Jesus, brilliant as he always was in such circumstances, turned the tables. His response upheld the law, but also went deeper and revealed the grace of God, saying, “Let him who is without sin among you be the first to throw a stone at her” (John 8: 7). It was impossible to follow this rule in practice; therefore, making her execution impossible to carry out. The embarrassment was no longer hers, but theirs now. After her accusers left one by one, John records:

“And Jesus was left alone with the woman standing before him” (John 8: 9)

Hence, Jesus saved her life and upheld the Mosaic law killing two birds with one stone. How? Well, Jesus realized what the religious authorities deliberately did was to leave out the vital part of the demand of the Mosaic law. That is, Leviticus 20:10 required that both partners caught in adultery should be stoned to death. The man was, however, completely missing from the story. Jesus saw through their deception and the simple fact that the “act of adultery” could not be committed by the woman in solitude. Why was the man allowed to escape from the scene and facing judgement? If his life could be spared, so should be her life, equally created in the image of God.

Nevertheless, I expected that Jesus would condemn the sinful woman in private instead of embarrassing her in public. However, thank God that Jesus is not like you or me. Jesus categorically said that he did not condemn her… neither in public nor in private! This does not mean he declared her guiltless. Instead, he asserted, “for I came not to judge the world, but to save the world” (John 12: 47, 3:16). He also commanded her to stop sleeping around; saying, “sin no more” and get on with her life.

Jesus once again saw value in the life of an adulterous woman who was completely dejected.

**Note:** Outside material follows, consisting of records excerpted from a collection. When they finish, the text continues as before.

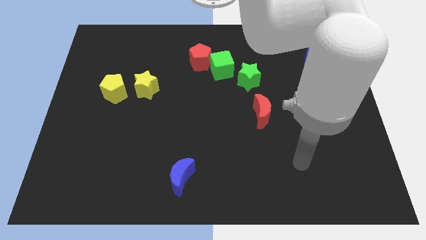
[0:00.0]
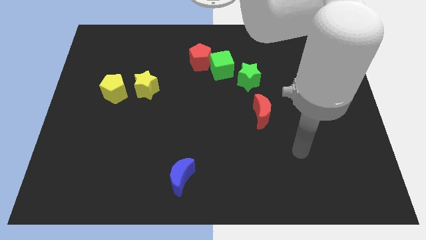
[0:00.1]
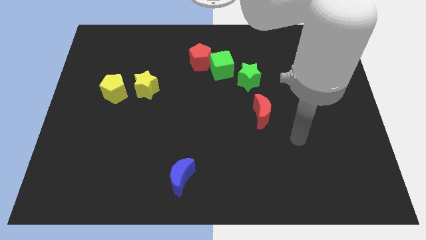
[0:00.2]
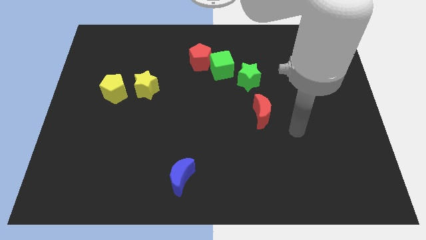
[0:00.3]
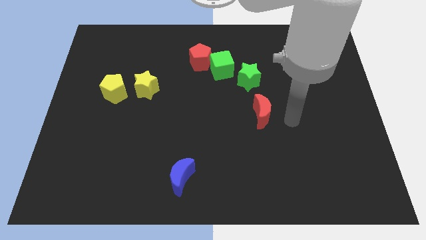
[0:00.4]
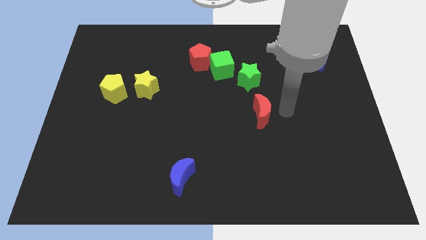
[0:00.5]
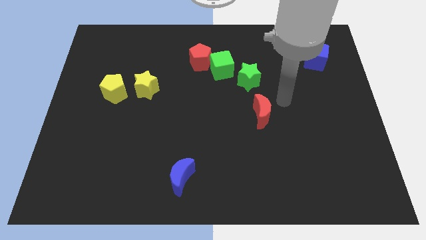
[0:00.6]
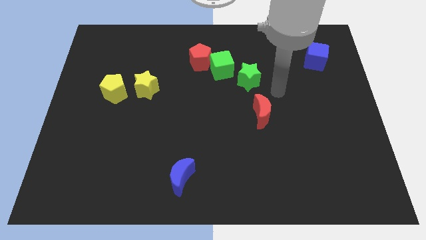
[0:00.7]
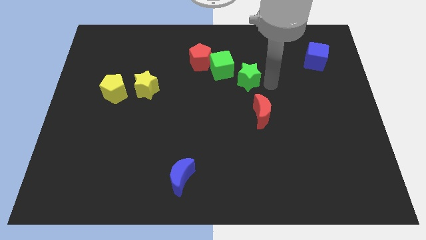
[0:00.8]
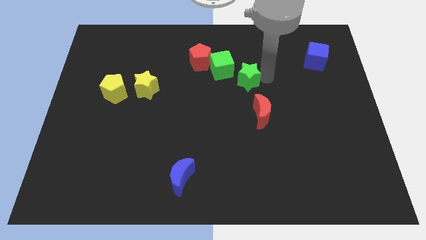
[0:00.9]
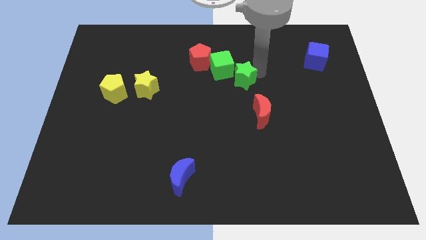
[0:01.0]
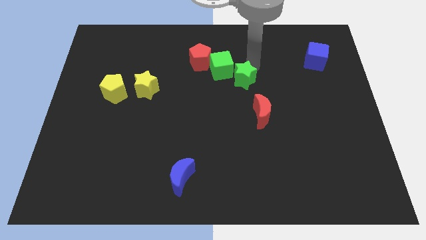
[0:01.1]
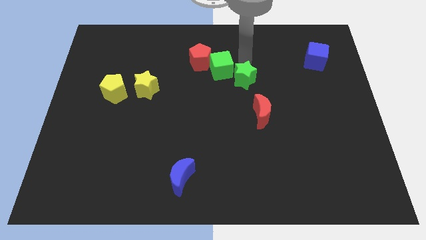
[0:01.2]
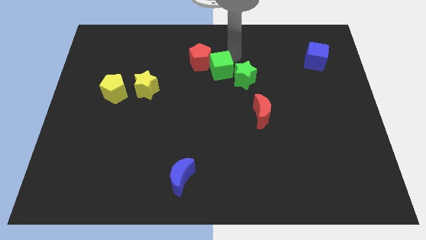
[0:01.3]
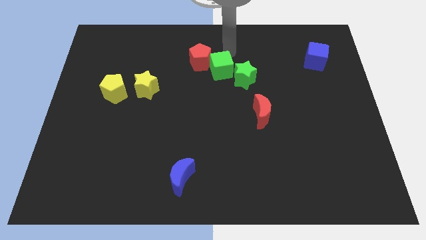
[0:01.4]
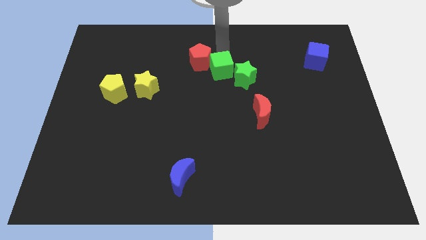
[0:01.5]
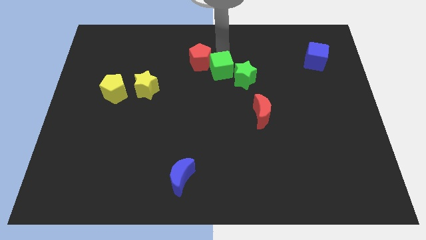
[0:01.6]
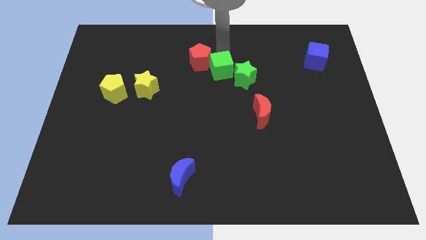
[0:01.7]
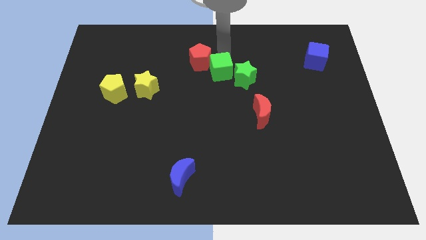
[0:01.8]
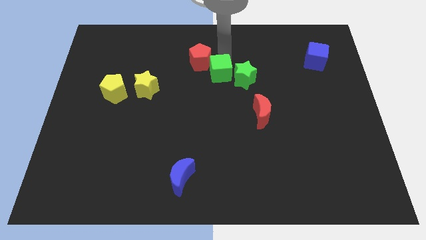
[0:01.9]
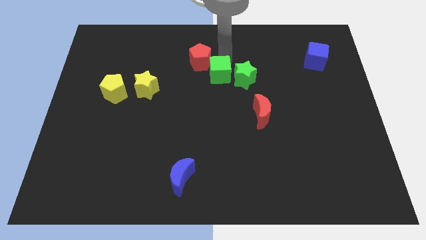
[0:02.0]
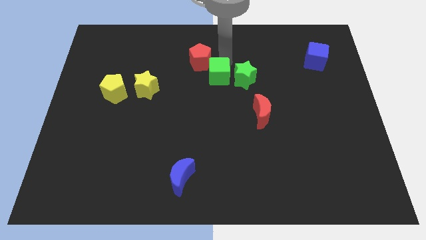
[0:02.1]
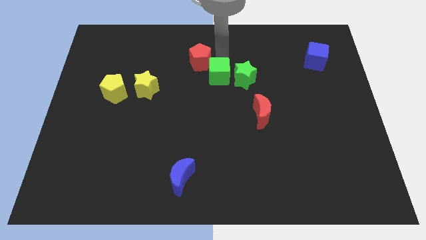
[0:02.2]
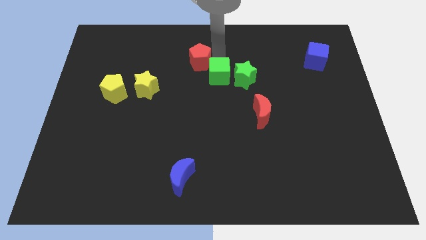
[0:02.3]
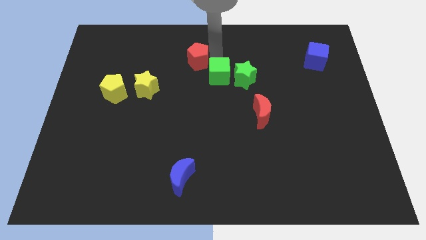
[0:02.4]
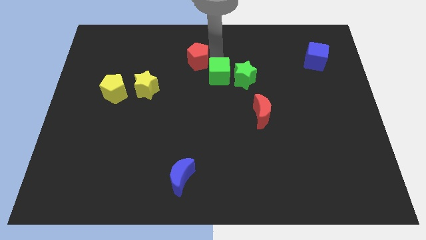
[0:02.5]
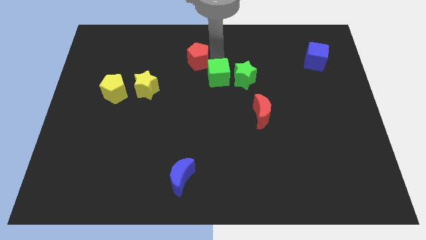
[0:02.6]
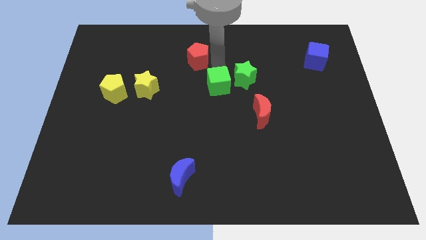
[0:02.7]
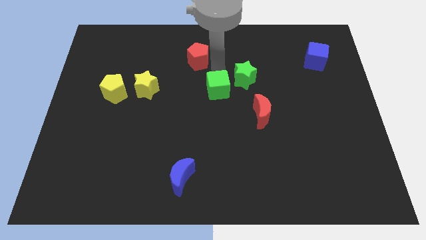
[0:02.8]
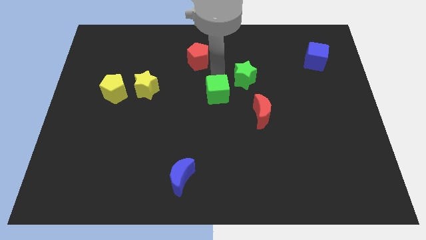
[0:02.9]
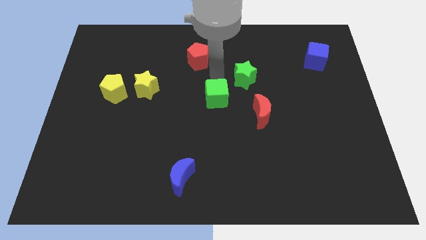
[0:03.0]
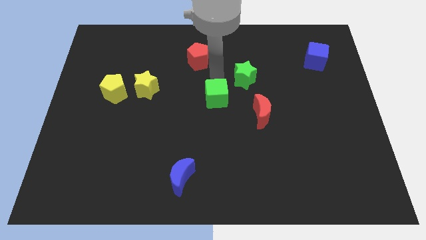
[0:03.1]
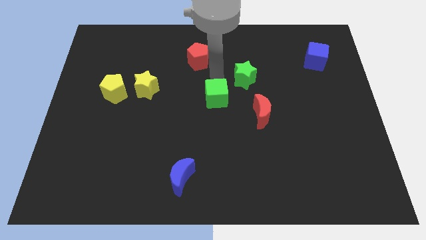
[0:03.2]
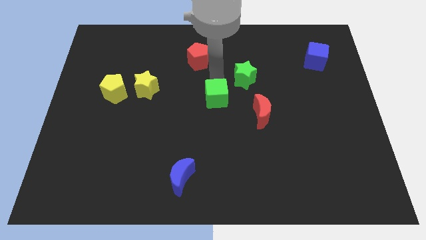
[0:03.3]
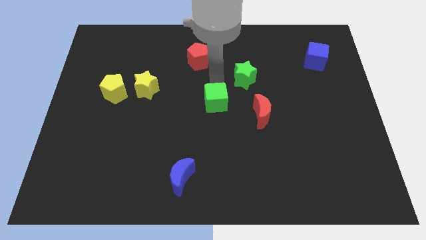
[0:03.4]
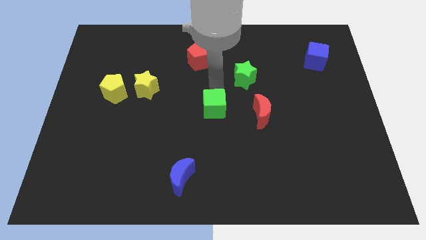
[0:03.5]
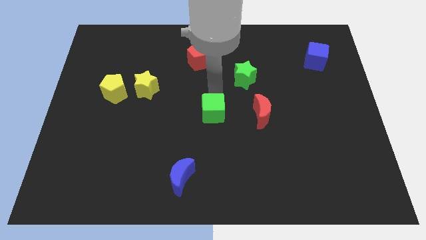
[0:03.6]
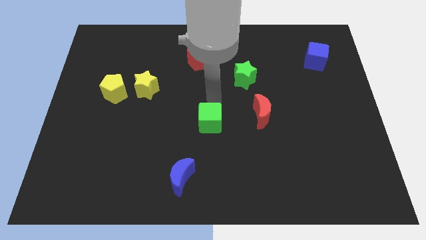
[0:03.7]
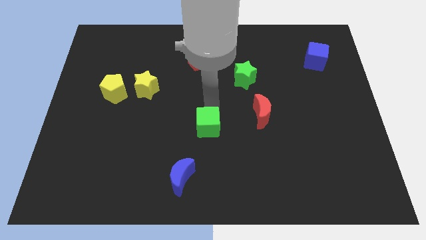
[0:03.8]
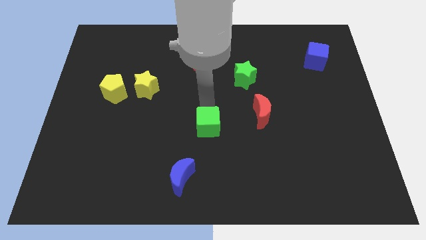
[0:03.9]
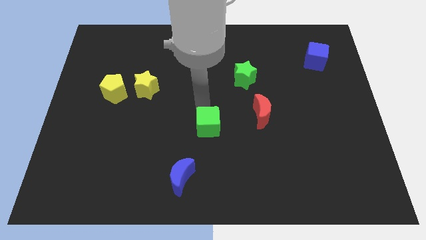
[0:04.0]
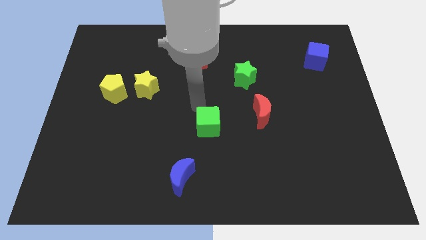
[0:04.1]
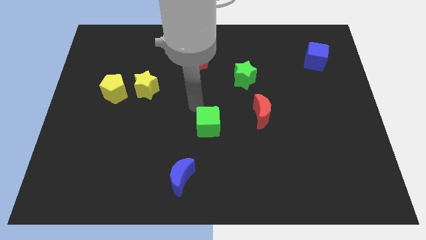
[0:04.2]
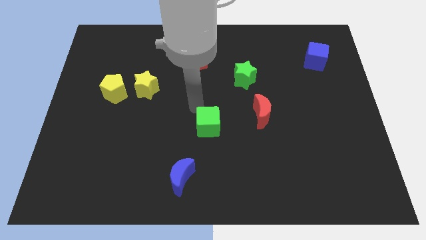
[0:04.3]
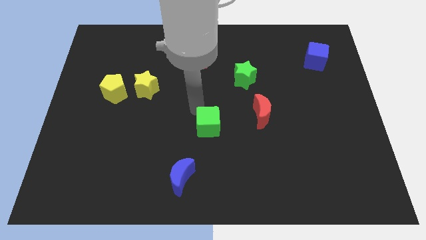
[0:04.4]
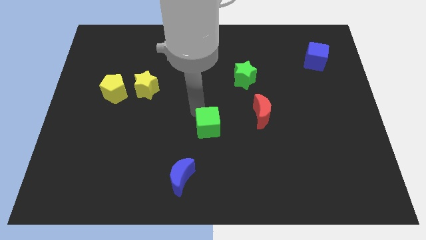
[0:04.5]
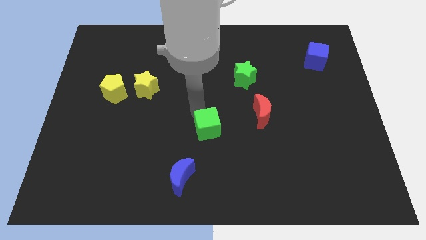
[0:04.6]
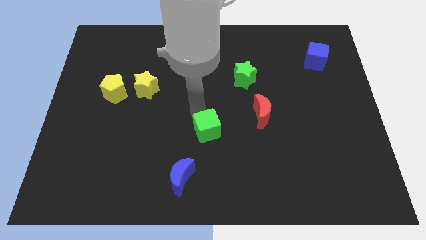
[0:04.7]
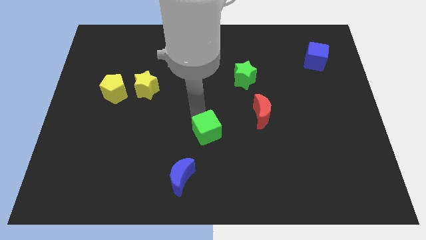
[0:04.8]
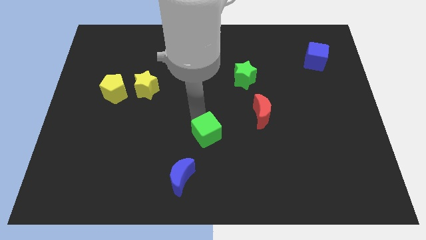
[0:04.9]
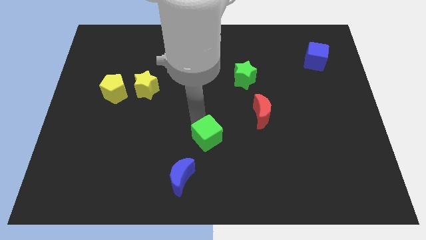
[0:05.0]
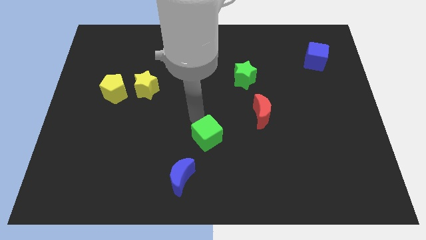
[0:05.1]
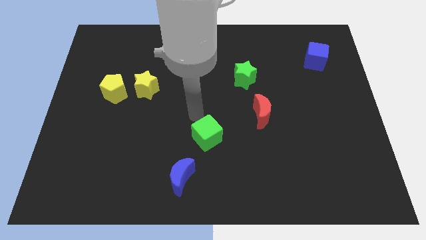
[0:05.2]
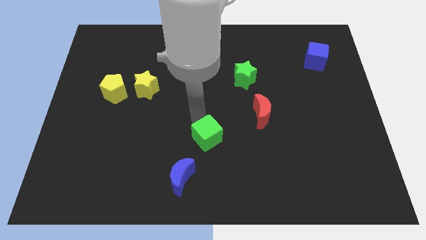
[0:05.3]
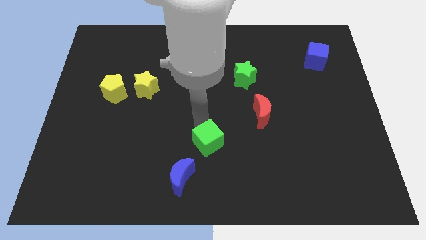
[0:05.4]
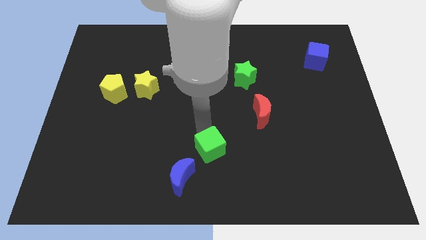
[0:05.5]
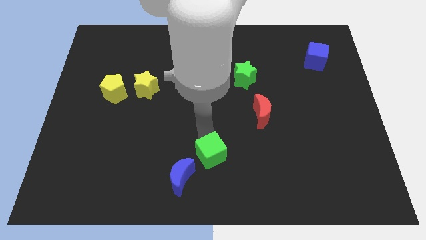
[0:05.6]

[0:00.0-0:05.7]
put the green cube to the bottom

When everyone thought she did not deserve to live, Jesus saw worth in her life and believed in her to give her a second chance. Therefore, when we come across people feeling left out and worthless due to their gender, ethnicity, or bad choices, let us follow Jesus and help them see that they are valuable in God’s eyes. They deserve God’s grace and forgiveness. They are worthy of second chances, an opportunity to turn around from sin, and live by the grace of God. Will we decide today to follow Jesus in his footsteps and bring hope, forgiveness, and grace in many a life like this unnamed woman of Jerusalem?